See major update near the end of the post!
Isiah Factor Uncensored has learned the city of Houston is going after the families of at least four dead Houston firefighters.
This comes as a private attorney has been hired by the city to file liens against the families and or estates of Mathew Renaud, Robert Bebee, Anne Sullivan, Robert Garner, and Robert Yarborough.
Yarborough survived the 2013 Southwest Inn fire but also sustained serious injuries.
The liens filed on behalf of the city seeks on average $20,000 per family.
The hired attorney is also hoping to recoup $50,000 from the survivor – Robert Yarbrough.

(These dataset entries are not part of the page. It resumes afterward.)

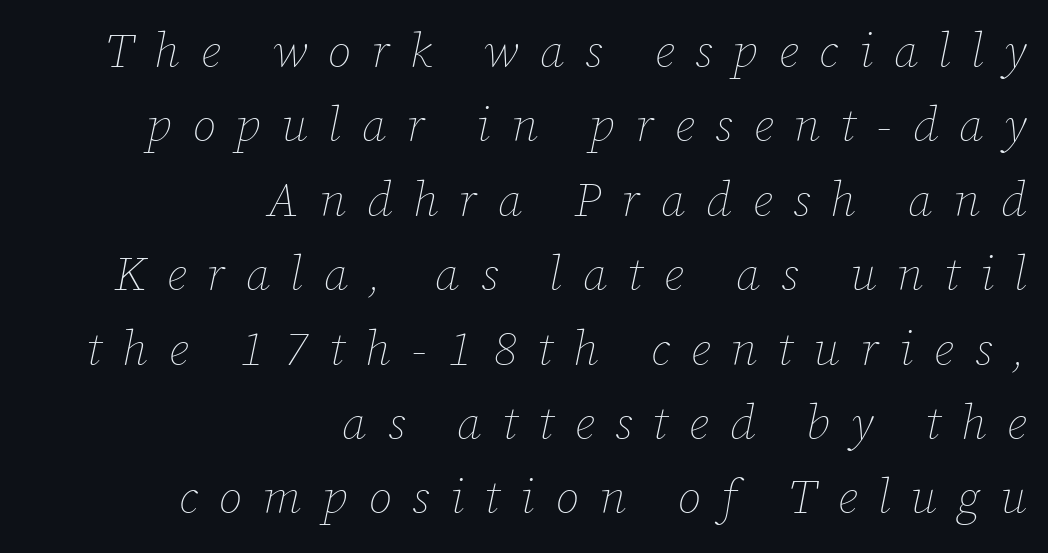
The image shows 48 px thin type, italic (leaning right); set right-aligned, normal line spacing (1.55x), unusually wide letter spacing (+0.43 em), not underlined; low stroke contrast and a medium x-height.
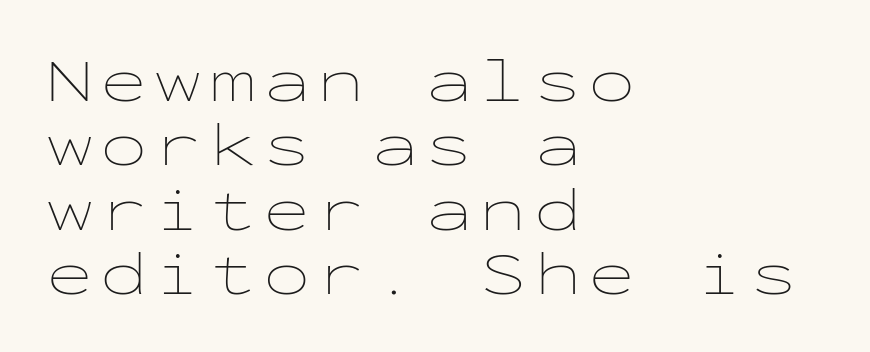
The image shows 63 px thin, wide type, upright, monospaced; set left-aligned, tight line spacing (1.02x), not underlined; low stroke contrast and a medium x-height.
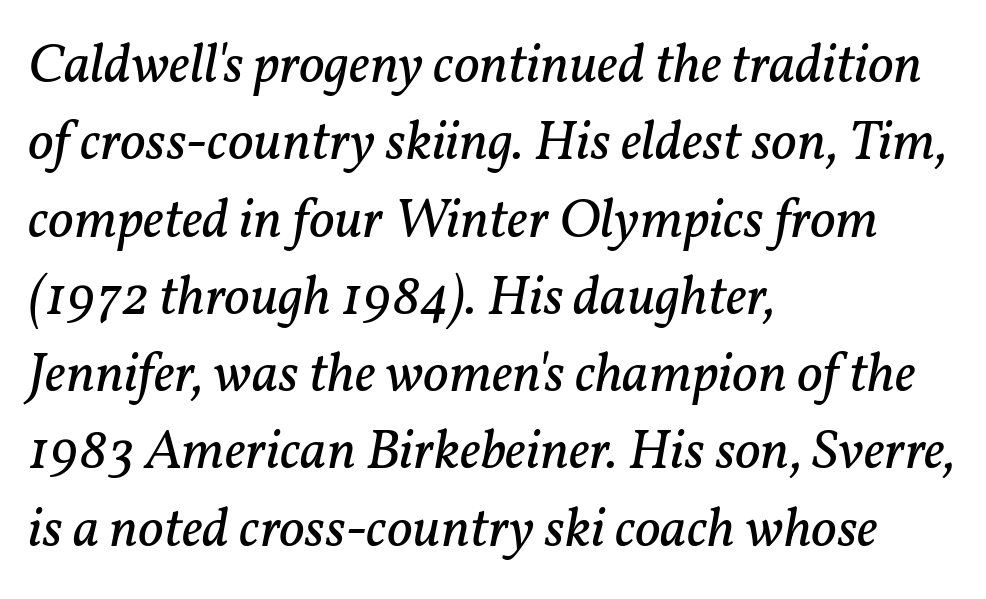
The image shows 56 px regular-weight serif type, italic (leaning right); set left-aligned, normal line spacing (1.38x), normal letter spacing, not underlined; low stroke contrast and a medium x-height.
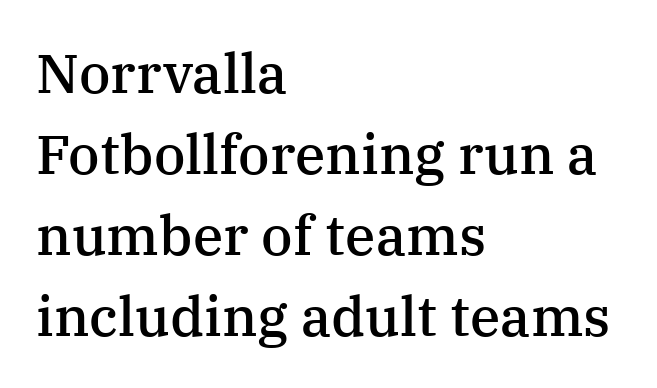
Nobody touched the tracking dial on this one. In terms of leading, this rendering sits right in the middle. The paragraph has a hard left edge and a soft right edge. Anything drawn beneath the words? Only blank space. Observe the serifs anchoring each vertical stroke in this sample.

The city is hoping to get that money from possible settlements and judgements from lawsuits the families have filed against several private companies they believe had a role in their loved ones deaths.
Why file these liens against the family of fallen firefighters?
We’re told the city of Houston wants to be reimbursed for medical and ambulance services they provided on the scene of the hotel fire before the firefighters died.
Attorney Ben Hall, who represents many of the fallen firefighters’ families, limited what he would say on the case but he confirmed the city has moved forward with the liens.
President of the Houston Professional Firefighters Association, Marty Lancton, describes the legal action by the city as disgusting.
You will hear more from Lancton on Isiah Factor tonight at 10:30 pm on Fox 26.
A spokesperson for Mayor Sylvester Turner’s office says they’re working on a statement.
The attorney who filed the lien on behalf of the city has not yet responded to our call for a comment. (Late Wednesday night that attorney sent me and text and said he would be willing to chat with me so stay tuned.)
The city of Houston issued this statement late Wednesday evening:
In response to questions about alleged liens against the estates of Houston firefighters:
“The City is not pursuing recovery on any lien from anyone in this case.”
Office of Houston Mayor Sylvester Turner
Meanwhile, Ben Hall the attorney representing the deceased firefighters families says if the city isn’t actually pursuing the liens then that’s ‘new’ and good news to him… Hall made it clear and has the documentation showing the proposed negotiations for reducing the liens. He also made it clear he was told by an attorney representing the city that under Texas labor code and case law that the families would have to pay significantly more for medical and ambulance services their loved ones received at the scene of the 2013 fire.